Top of PROVIDED RECORDS

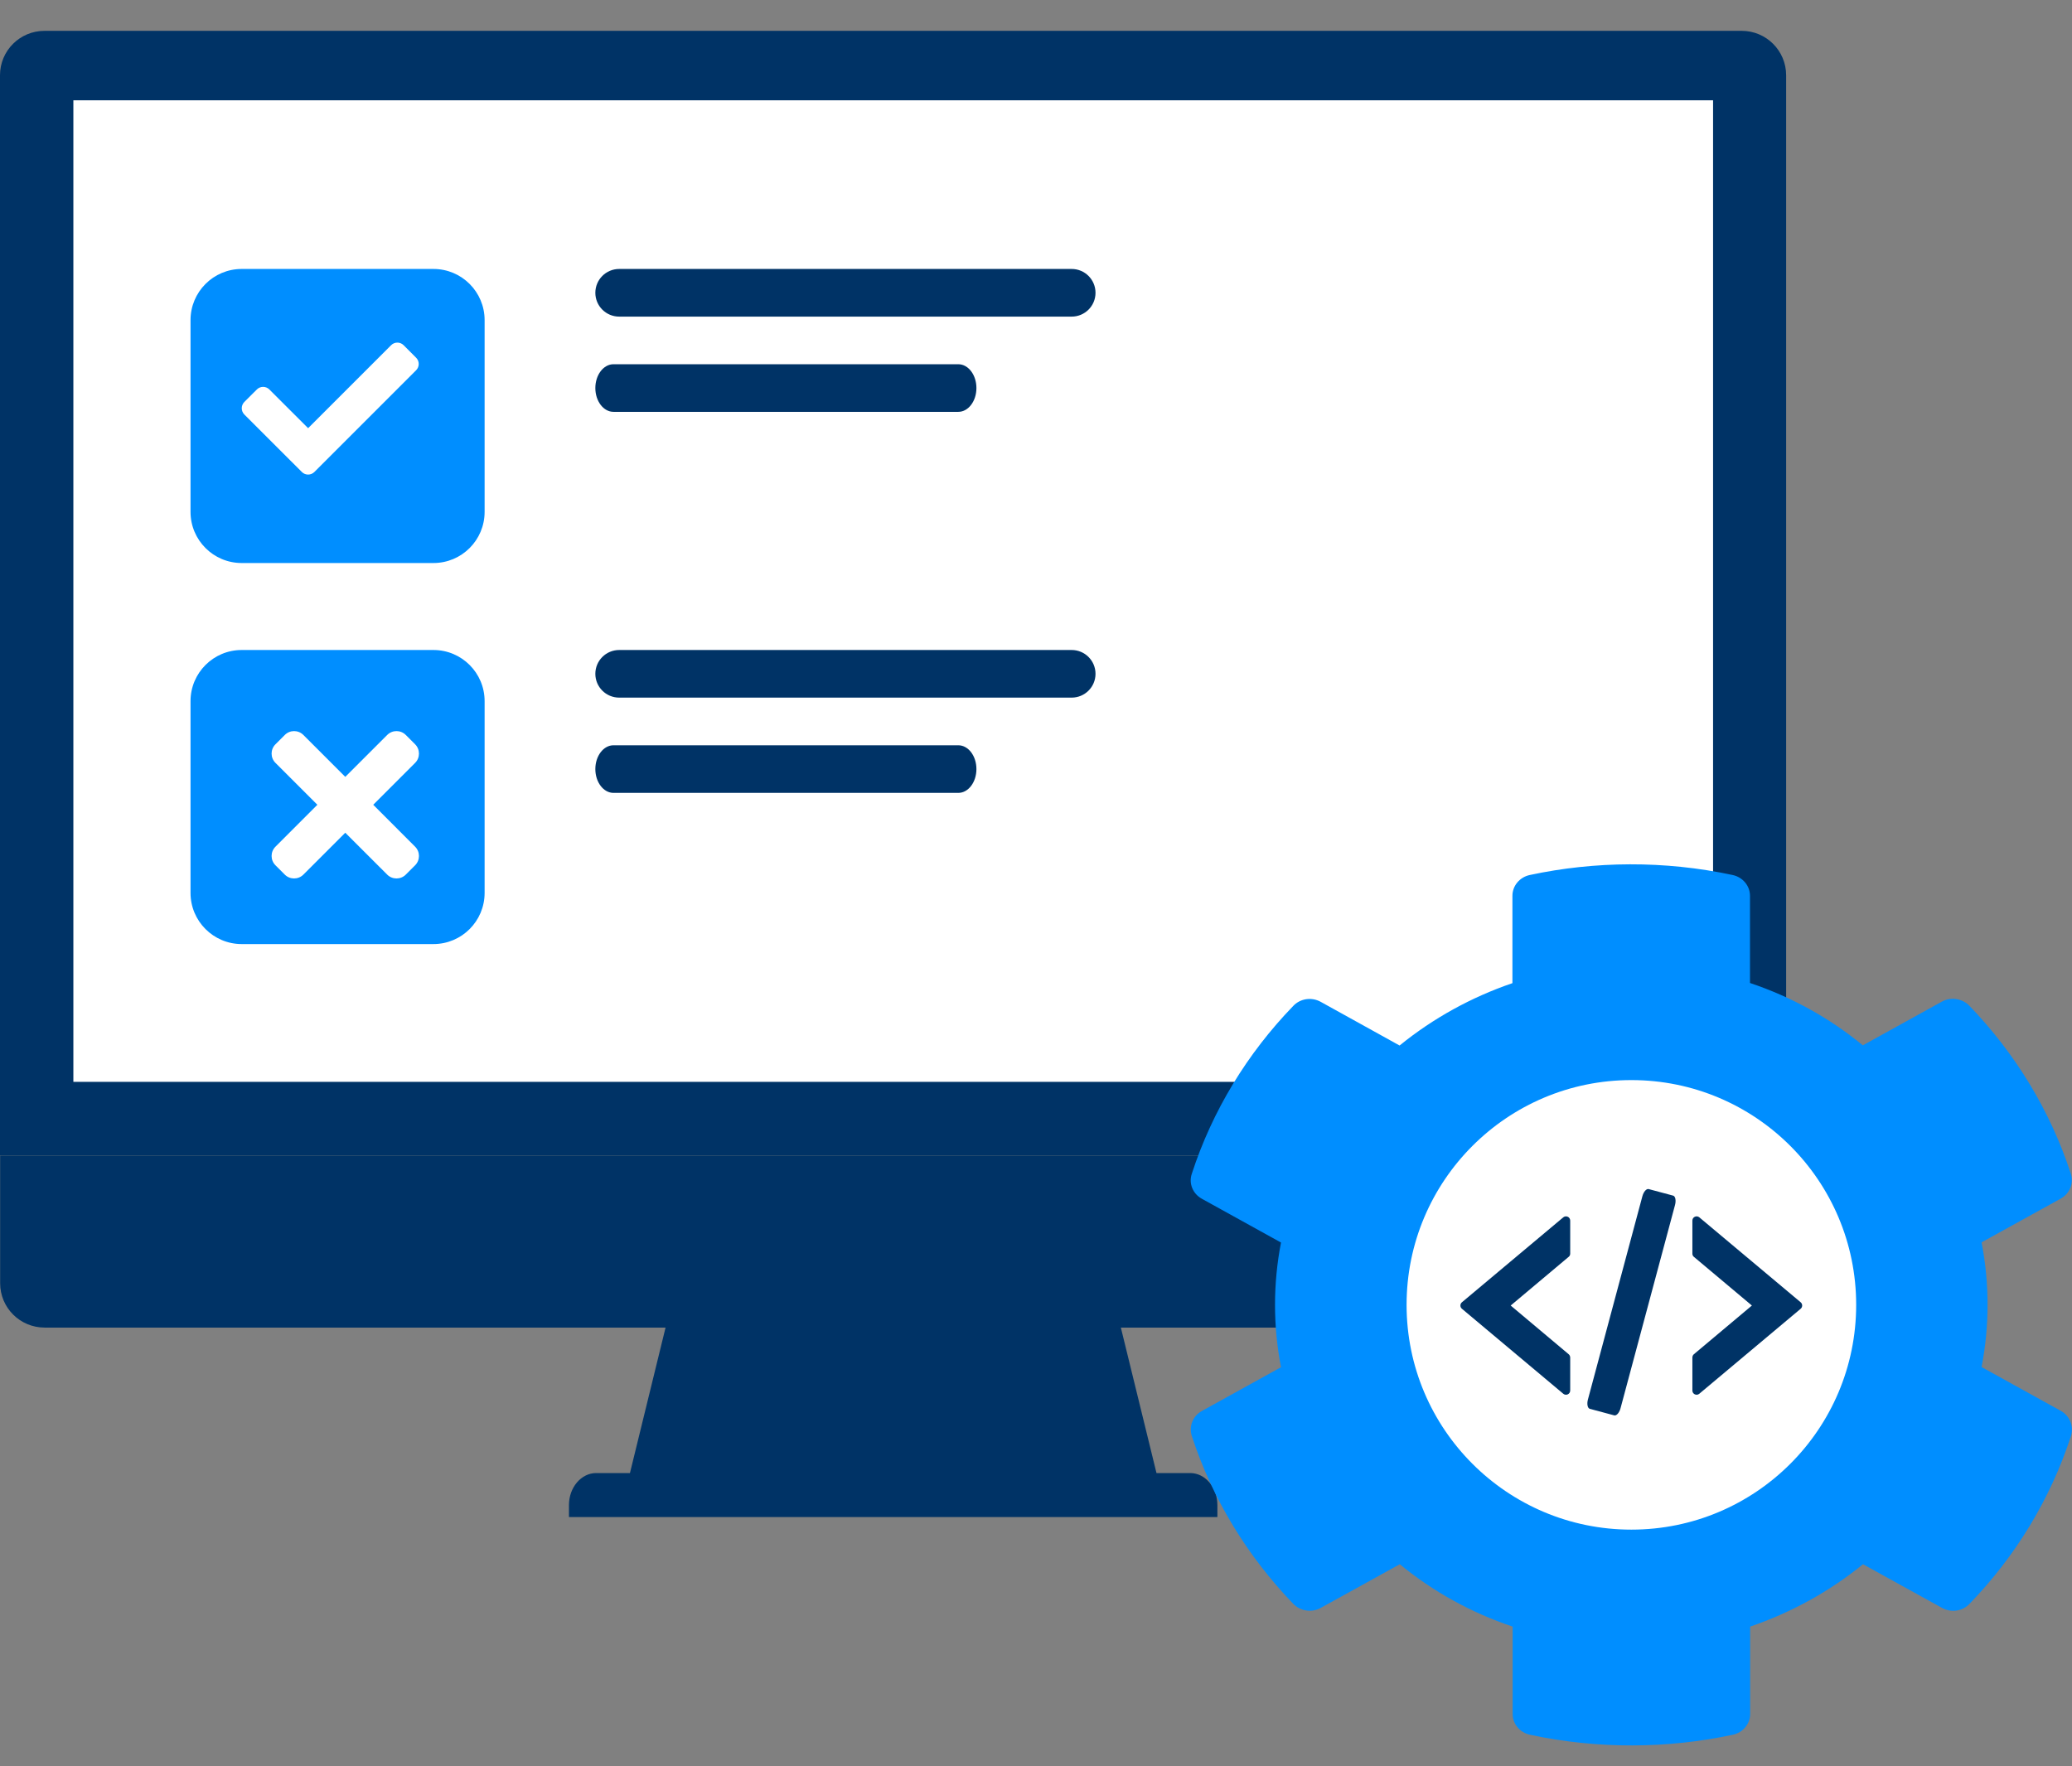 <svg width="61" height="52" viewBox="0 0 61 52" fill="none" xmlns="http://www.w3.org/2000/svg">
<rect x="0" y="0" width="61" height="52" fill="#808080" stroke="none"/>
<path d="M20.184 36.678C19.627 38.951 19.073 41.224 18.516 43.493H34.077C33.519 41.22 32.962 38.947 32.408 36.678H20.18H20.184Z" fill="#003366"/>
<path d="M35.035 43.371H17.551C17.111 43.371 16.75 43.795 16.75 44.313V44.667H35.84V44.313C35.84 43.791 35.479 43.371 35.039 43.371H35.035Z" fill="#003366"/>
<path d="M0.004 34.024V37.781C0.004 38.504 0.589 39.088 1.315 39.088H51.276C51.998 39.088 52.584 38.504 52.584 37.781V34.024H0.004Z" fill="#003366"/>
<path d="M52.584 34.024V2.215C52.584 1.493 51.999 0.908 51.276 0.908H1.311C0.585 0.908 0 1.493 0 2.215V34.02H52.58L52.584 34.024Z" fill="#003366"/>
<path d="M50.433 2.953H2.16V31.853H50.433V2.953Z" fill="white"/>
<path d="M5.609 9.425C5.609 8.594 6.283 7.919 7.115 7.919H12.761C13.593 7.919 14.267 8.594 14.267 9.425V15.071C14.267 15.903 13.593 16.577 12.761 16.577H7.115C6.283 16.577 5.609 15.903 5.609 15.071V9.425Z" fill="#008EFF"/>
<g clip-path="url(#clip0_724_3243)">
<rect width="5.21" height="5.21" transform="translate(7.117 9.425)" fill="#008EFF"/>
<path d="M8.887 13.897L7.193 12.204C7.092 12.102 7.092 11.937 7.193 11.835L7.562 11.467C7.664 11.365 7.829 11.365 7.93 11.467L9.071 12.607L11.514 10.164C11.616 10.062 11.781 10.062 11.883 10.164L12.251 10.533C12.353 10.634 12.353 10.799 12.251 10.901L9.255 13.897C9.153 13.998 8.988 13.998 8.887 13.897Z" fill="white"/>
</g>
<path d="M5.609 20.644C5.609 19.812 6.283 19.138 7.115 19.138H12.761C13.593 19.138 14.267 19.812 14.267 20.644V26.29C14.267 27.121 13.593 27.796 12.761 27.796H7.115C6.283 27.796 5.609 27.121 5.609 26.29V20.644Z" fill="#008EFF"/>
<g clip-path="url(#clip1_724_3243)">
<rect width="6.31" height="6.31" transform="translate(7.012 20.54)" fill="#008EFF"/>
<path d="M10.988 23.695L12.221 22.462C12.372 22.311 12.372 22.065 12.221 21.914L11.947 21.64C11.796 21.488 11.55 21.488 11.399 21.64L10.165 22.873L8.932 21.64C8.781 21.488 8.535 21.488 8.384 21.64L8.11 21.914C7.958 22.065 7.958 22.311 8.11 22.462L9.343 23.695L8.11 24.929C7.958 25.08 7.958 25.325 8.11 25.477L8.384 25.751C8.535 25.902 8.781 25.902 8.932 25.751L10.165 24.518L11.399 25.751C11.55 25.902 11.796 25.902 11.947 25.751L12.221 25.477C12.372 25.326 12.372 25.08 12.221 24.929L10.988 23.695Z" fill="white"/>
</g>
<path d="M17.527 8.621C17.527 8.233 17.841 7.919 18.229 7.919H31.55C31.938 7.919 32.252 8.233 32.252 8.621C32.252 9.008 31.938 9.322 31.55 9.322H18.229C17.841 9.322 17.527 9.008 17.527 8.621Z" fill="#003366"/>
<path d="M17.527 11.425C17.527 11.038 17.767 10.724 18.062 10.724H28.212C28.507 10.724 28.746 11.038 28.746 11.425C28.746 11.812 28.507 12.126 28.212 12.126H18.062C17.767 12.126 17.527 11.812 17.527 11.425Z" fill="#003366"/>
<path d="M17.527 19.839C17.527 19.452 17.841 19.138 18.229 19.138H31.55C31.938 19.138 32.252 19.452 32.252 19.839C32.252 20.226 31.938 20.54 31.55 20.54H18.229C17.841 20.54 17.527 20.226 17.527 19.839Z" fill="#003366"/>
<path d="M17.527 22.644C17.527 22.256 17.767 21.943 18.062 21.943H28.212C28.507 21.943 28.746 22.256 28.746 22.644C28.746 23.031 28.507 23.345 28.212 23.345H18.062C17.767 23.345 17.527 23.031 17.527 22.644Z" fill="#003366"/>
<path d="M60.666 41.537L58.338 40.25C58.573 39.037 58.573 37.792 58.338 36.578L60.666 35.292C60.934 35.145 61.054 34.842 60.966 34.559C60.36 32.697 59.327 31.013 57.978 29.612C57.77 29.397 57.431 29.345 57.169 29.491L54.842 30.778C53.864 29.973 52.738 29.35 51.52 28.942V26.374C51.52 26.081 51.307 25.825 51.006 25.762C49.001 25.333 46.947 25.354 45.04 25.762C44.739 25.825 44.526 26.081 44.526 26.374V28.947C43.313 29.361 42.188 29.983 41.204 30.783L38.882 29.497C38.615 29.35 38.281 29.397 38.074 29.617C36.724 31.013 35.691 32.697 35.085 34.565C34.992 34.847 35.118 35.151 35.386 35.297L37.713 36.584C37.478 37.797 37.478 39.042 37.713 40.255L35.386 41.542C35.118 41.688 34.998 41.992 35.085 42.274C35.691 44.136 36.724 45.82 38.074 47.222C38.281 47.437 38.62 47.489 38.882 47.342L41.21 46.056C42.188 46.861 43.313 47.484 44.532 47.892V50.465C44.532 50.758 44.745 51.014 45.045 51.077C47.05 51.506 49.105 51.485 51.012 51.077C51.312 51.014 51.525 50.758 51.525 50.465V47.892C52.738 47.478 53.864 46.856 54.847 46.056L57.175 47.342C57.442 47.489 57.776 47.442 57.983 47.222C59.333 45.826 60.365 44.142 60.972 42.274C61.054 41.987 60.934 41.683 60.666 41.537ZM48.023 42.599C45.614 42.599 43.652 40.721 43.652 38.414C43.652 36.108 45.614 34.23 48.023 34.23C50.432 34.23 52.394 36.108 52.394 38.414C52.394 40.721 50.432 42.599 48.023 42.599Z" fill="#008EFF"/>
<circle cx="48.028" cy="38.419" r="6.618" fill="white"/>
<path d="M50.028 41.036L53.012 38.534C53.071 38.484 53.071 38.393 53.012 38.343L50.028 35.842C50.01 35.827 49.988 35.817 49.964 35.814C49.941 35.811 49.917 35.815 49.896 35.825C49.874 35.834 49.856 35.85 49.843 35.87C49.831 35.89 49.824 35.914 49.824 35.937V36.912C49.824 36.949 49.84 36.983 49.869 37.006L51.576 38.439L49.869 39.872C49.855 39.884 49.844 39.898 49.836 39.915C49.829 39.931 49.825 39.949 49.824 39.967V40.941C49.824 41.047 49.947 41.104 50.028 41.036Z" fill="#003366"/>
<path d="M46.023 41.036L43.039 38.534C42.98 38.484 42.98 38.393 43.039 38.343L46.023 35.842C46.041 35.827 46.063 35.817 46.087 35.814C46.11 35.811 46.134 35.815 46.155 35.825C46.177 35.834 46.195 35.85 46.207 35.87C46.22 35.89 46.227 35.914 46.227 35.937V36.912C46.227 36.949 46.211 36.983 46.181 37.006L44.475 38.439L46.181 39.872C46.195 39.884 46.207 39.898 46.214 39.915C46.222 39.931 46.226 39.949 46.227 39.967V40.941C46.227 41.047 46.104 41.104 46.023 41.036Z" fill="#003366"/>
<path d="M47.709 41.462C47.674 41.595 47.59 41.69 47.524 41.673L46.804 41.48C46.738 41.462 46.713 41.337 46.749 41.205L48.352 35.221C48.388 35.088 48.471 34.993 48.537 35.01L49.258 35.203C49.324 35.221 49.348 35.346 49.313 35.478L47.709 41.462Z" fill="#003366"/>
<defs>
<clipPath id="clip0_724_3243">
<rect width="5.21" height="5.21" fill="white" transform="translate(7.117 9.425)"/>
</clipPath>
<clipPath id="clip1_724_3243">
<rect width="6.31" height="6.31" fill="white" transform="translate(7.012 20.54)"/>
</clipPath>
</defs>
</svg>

Bottom of PROVIDED RECORDS

§ **WORK INSTRUCTIONS**: Print each line of the listing, starting at its first and ending with the line that holds "20.644C5.609 19.812 6.283", but skip any pictures.

§ **ANSWER BOX**:
 <svg width="61" height="52" viewBox="0 0 61 52" fill="none" xmlns="http://www.w3.org/2000/svg">
<rect x="0" y="0" width="61" height="52" fill="#808080" stroke="none"/>
<path d="M20.184 36.678C19.627 38.951 19.073 41.224 18.516 43.493H34.077C33.519 41.22 32.962 38.947 32.408 36.678H20.18H20.184Z" fill="#003366"/>
<path d="M35.035 43.371H17.551C17.111 43.371 16.75 43.795 16.75 44.313V44.667H35.84V44.313C35.84 43.791 35.479 43.371 35.039 43.371H35.035Z" fill="#003366"/>
<path d="M0.004 34.024V37.781C0.004 38.504 0.589 39.088 1.315 39.088H51.276C51.998 39.088 52.584 38.504 52.584 37.781V34.024H0.004Z" fill="#003366"/>
<path d="M52.584 34.024V2.215C52.584 1.493 51.999 0.908 51.276 0.908H1.311C0.585 0.908 0 1.493 0 2.215V34.02H52.58L52.584 34.024Z" fill="#003366"/>
<path d="M50.433 2.953H2.16V31.853H50.433V2.953Z" fill="white"/>
<path d="M5.609 9.425C5.609 8.594 6.283 7.919 7.115 7.919H12.761C13.593 7.919 14.267 8.594 14.267 9.425V15.071C14.267 15.903 13.593 16.577 12.761 16.577H7.115C6.283 16.577 5.609 15.903 5.609 15.071V9.425Z" fill="#008EFF"/>
<g clip-path="url(#clip0_724_3243)">
<rect width="5.21" height="5.21" transform="translate(7.117 9.425)" fill="#008EFF"/>
<path d="M8.887 13.897L7.193 12.204C7.092 12.102 7.092 11.937 7.193 11.835L7.562 11.467C7.664 11.365 7.829 11.365 7.93 11.467L9.071 12.607L11.514 10.164C11.616 10.062 11.781 10.062 11.883 10.164L12.251 10.533C12.353 10.634 12.353 10.799 12.251 10.901L9.255 13.897C9.153 13.998 8.988 13.998 8.887 13.897Z" fill="white"/>
</g>
<path d="M5.609 20.644C5.609 19.812 6.283 19.138 7.115 19.138H12.761C13.593 19.138 14.267 19.812 14.267 20.644V26.29C14.267 27.121 13.593 27.796 12.761 27.796H7.115C6.283 27.796 5.609 27.121 5.609 26.29V20.644Z" fill="#008EFF"/>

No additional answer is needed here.